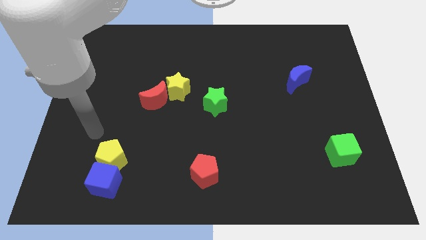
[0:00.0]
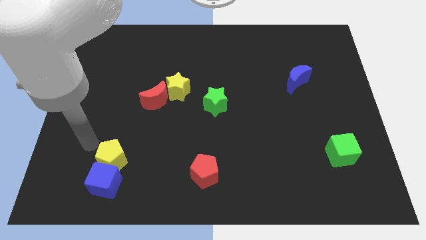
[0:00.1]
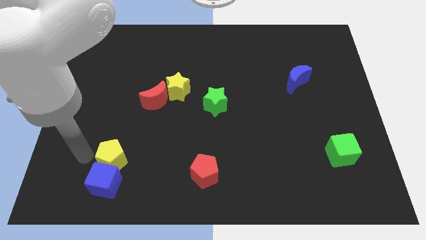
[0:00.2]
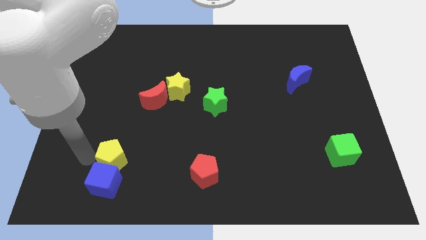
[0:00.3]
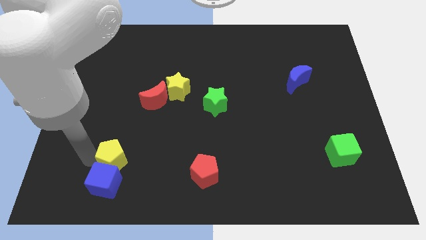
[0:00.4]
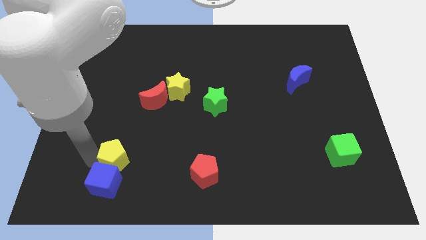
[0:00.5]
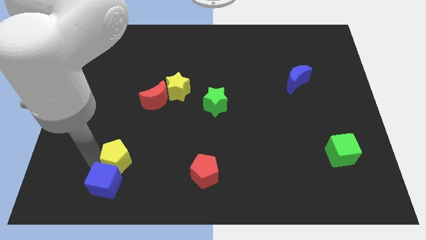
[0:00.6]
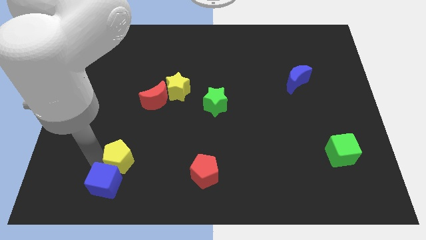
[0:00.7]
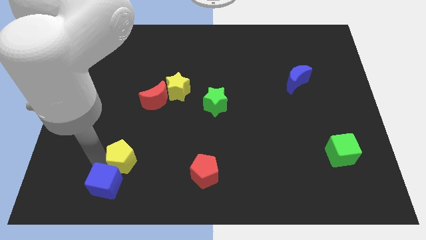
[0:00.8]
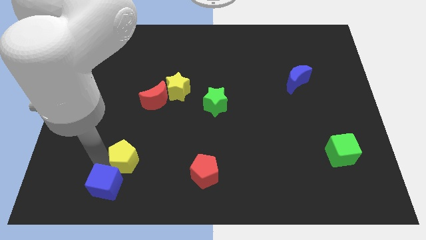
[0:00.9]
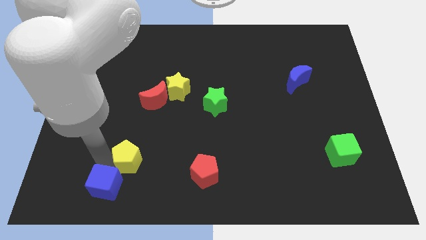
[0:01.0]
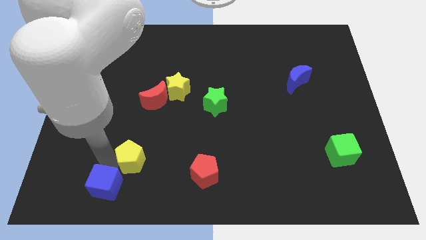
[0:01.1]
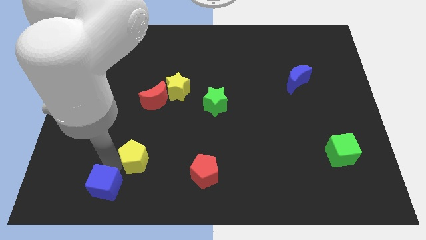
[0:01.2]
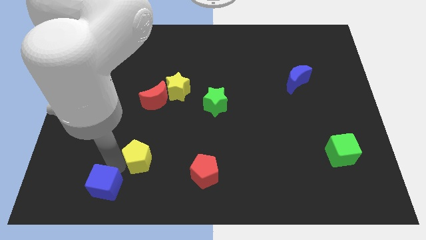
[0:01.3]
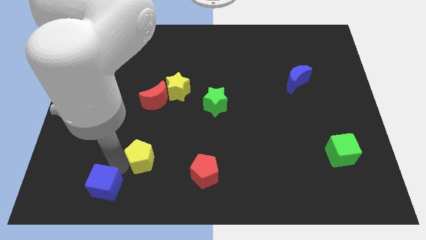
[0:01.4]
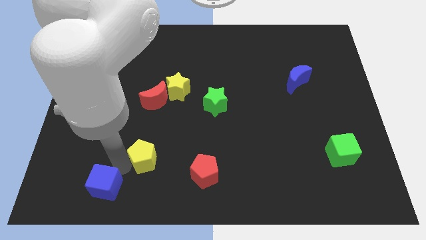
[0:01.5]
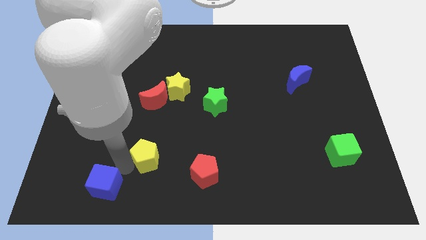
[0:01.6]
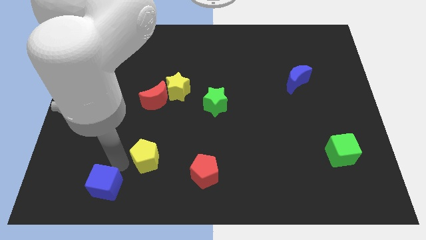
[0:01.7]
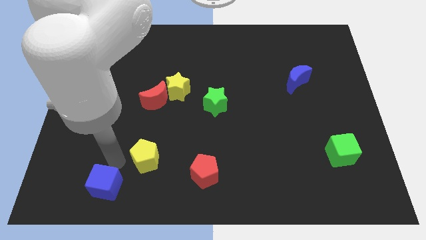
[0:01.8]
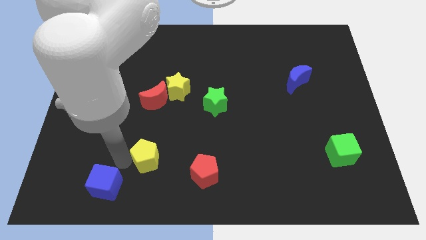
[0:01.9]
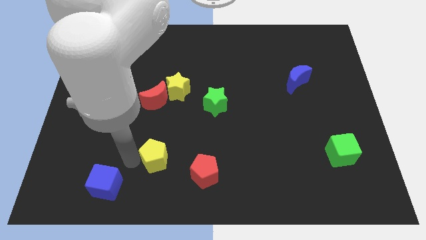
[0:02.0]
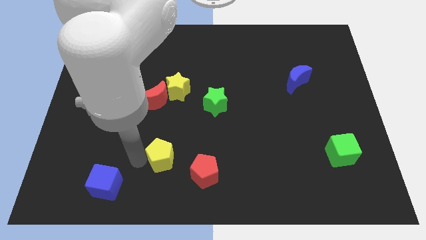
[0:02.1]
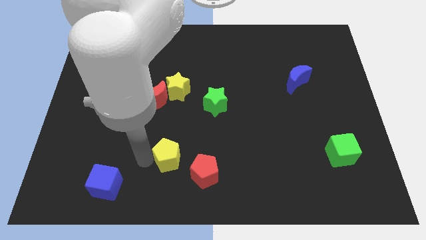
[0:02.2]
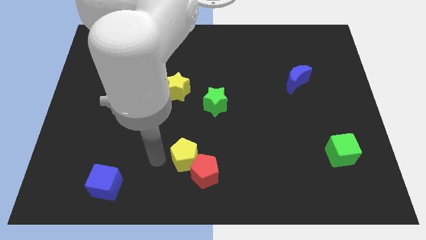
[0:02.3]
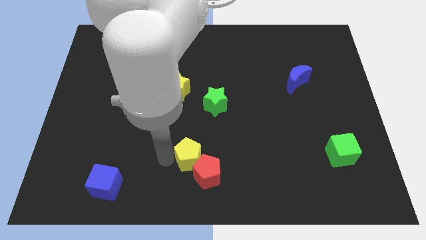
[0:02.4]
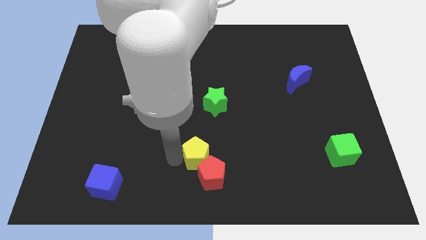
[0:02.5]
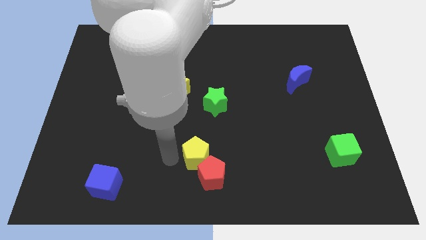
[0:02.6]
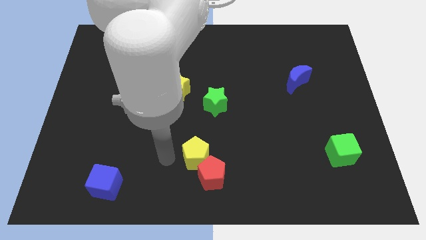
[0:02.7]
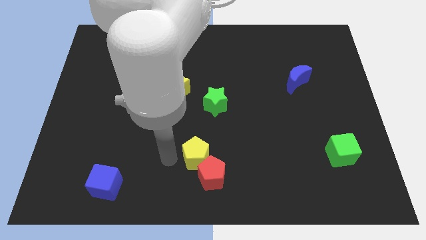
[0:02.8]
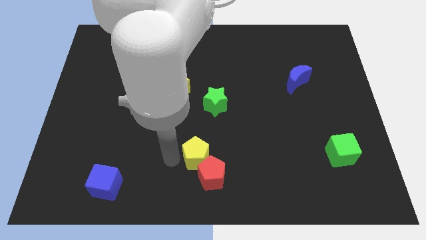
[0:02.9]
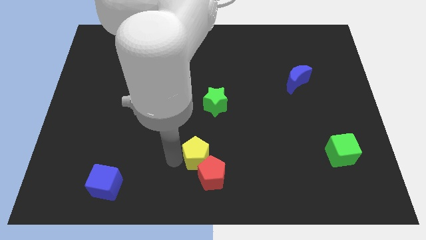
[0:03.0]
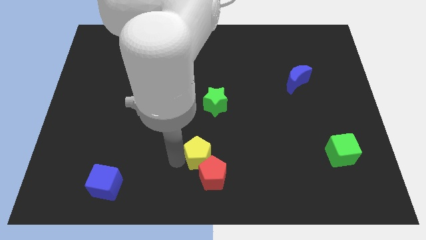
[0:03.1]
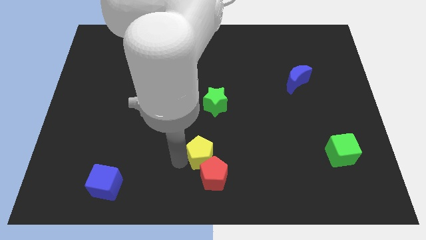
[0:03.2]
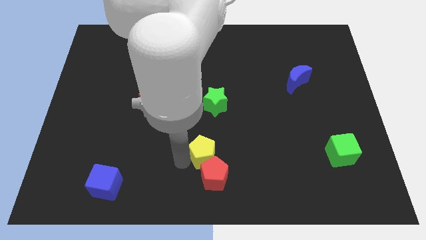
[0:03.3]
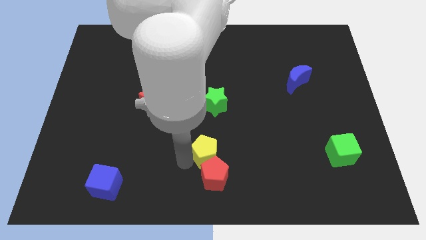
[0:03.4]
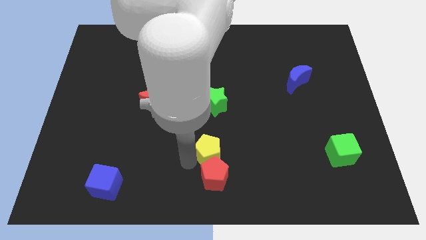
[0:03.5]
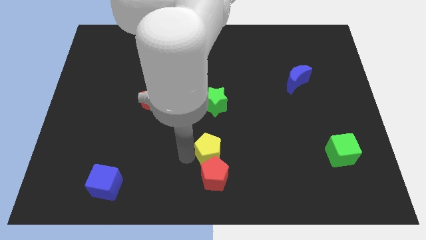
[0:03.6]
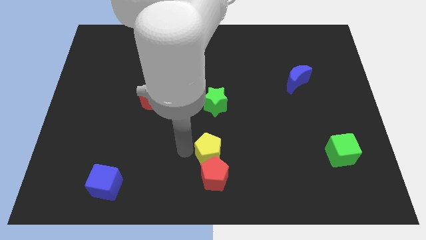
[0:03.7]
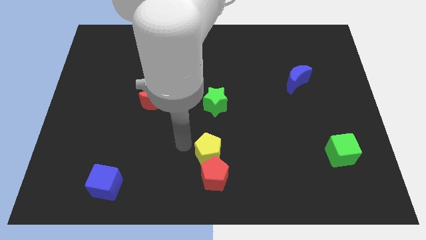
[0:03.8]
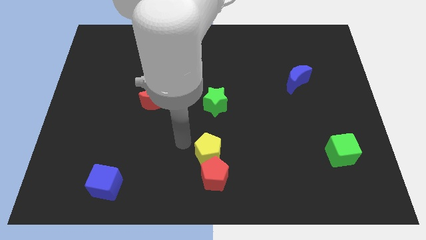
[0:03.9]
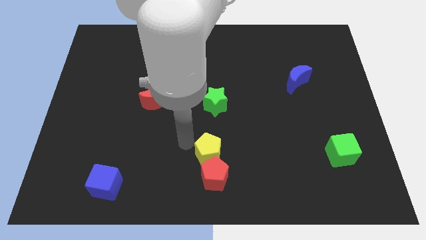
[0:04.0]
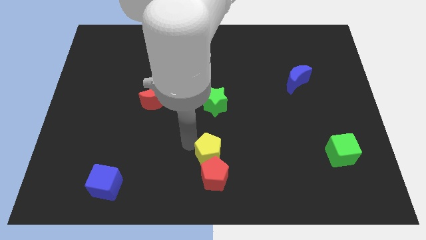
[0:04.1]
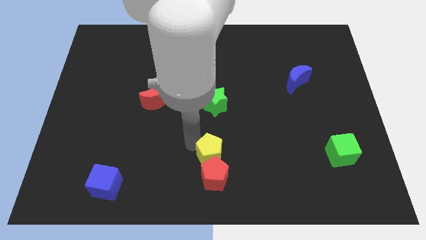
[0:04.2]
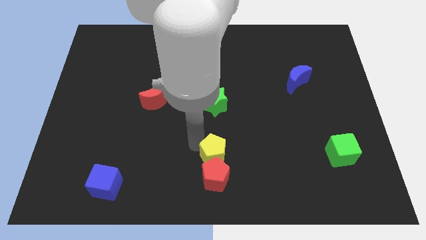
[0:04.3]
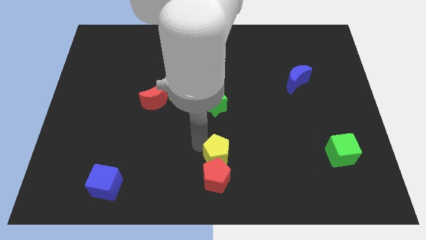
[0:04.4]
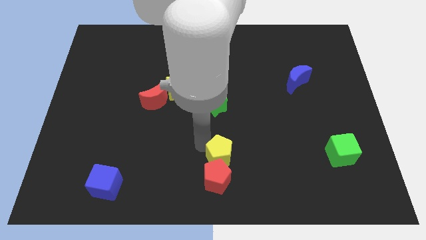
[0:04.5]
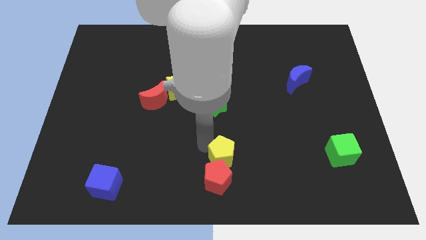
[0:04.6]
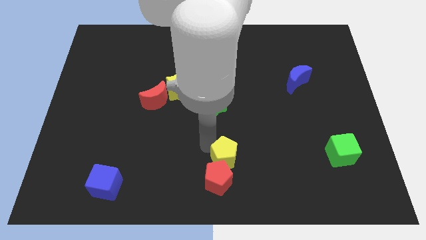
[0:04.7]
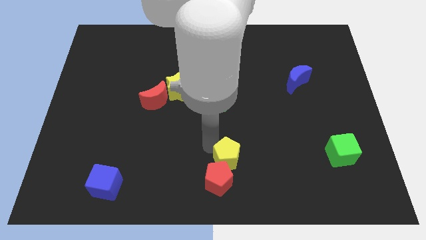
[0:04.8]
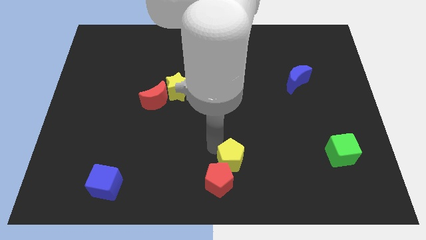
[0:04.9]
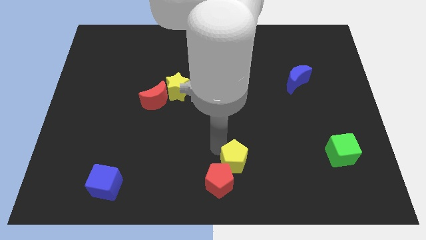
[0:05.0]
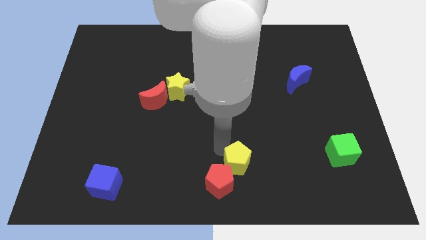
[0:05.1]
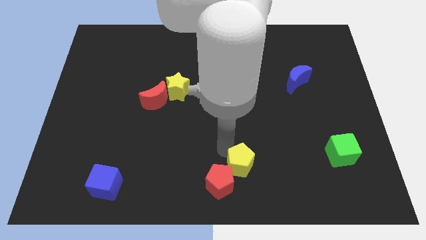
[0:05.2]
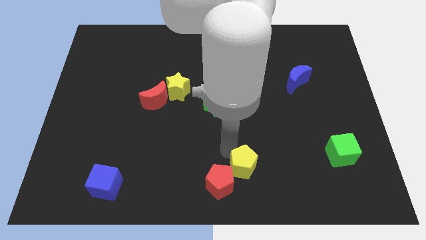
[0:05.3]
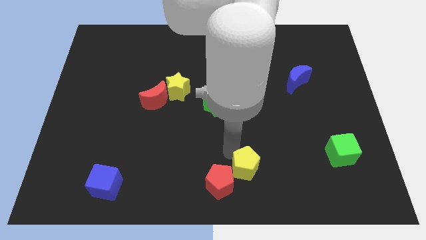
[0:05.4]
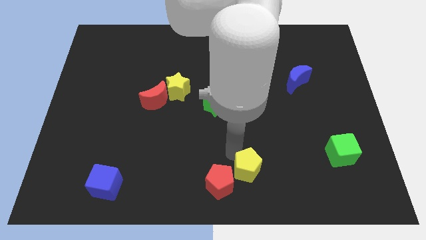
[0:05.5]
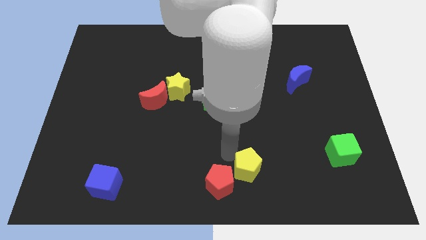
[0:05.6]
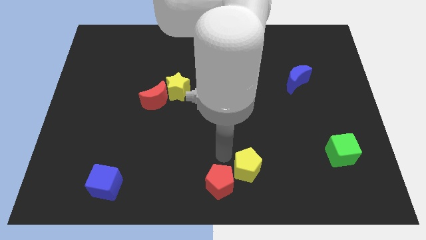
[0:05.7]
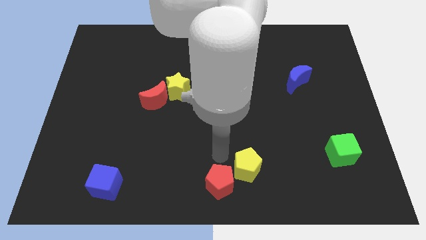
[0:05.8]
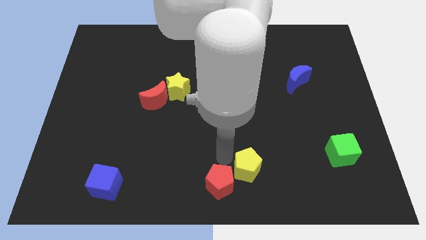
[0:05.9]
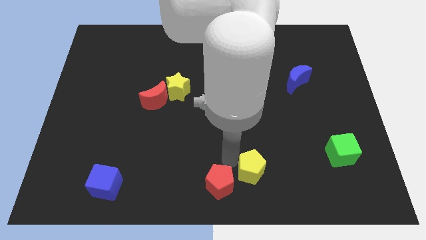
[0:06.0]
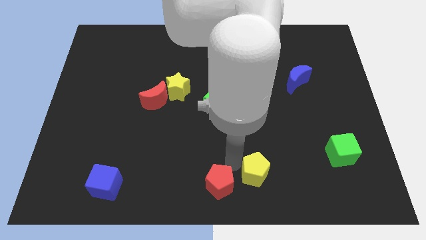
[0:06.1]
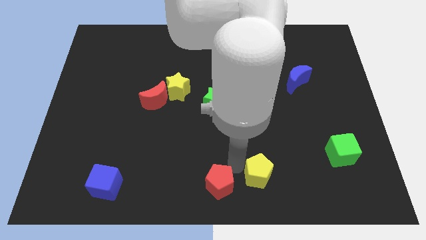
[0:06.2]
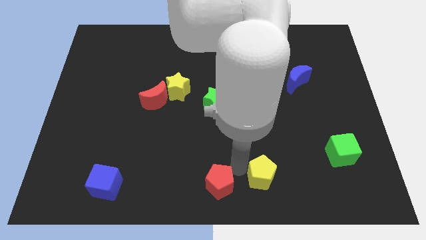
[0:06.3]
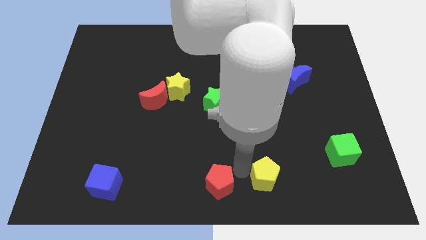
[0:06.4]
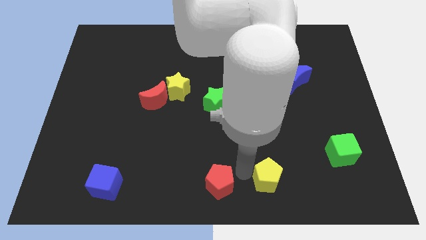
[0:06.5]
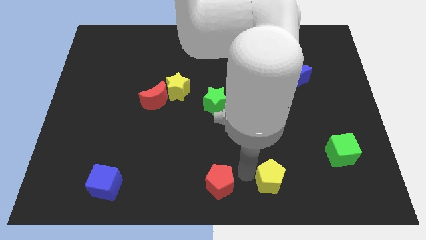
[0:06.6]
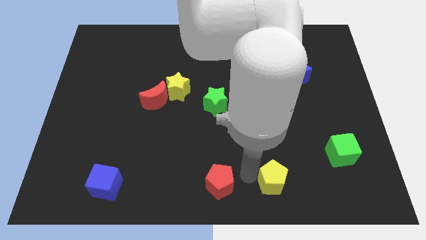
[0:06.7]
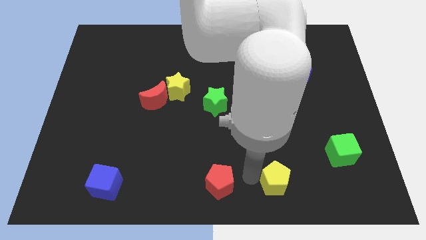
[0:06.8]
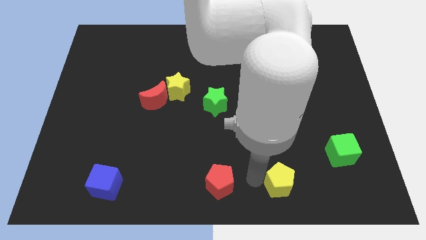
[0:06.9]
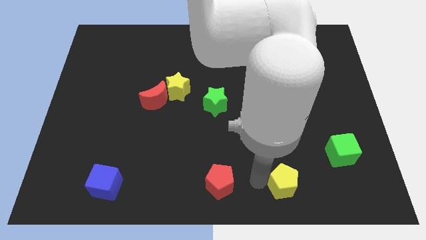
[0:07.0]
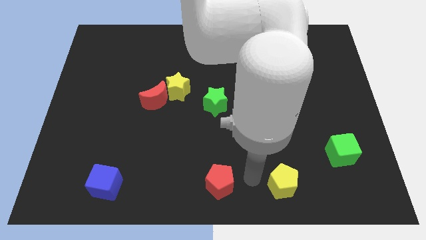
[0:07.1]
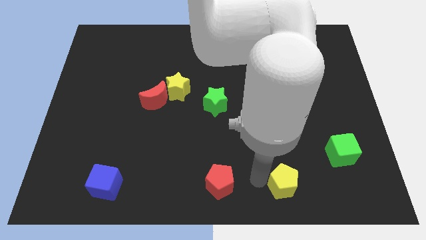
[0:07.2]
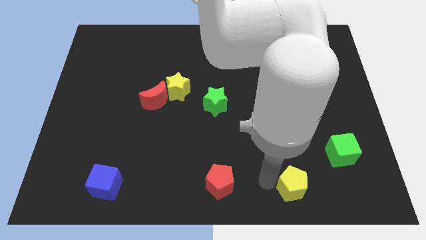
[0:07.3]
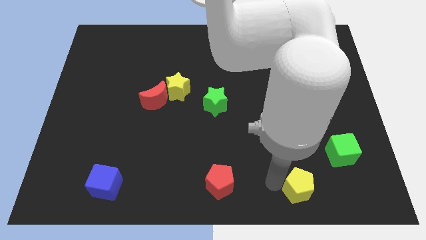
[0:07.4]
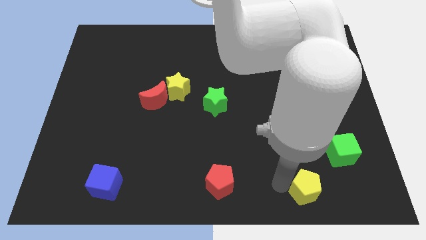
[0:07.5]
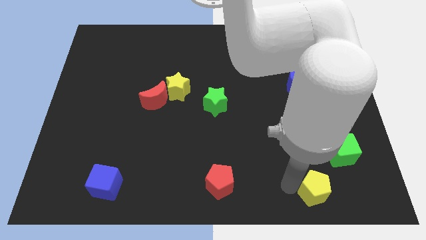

**Problem to work on:**
Reproduce the entries above exactly, without images.

**Exercise answer:**
[0:00.0]
[0:00.1]
[0:00.2]
[0:00.3]
[0:00.4]
[0:00.5]
[0:00.6]
[0:00.7]
[0:00.8]
[0:00.9]
[0:01.0]
[0:01.1]
[0:01.2]
[0:01.3]
[0:01.4]
[0:01.5]
[0:01.6]
[0:01.7]
[0:01.8]
[0:01.9]
[0:02.0]
[0:02.1]
[0:02.2]
[0:02.3]
[0:02.4]
[0:02.5]
[0:02.6]
[0:02.7]
[0:02.8]
[0:02.9]
[0:03.0]
[0:03.1]
[0:03.2]
[0:03.3]
[0:03.4]
[0:03.5]
[0:03.6]
[0:03.7]
[0:03.8]
[0:03.9]
[0:04.0]
[0:04.1]
[0:04.2]
[0:04.3]
[0:04.4]
[0:04.5]
[0:04.6]
[0:04.7]
[0:04.8]
[0:04.9]
[0:05.0]
[0:05.1]
[0:05.2]
[0:05.3]
[0:05.4]
[0:05.5]
[0:05.6]
[0:05.7]
[0:05.8]
[0:05.9]
[0:06.0]
[0:06.1]
[0:06.2]
[0:06.3]
[0:06.4]
[0:06.5]
[0:06.6]
[0:06.7]
[0:06.8]
[0:06.9]
[0:07.0]
[0:07.1]
[0:07.2]
[0:07.3]
[0:07.4]
[0:07.5]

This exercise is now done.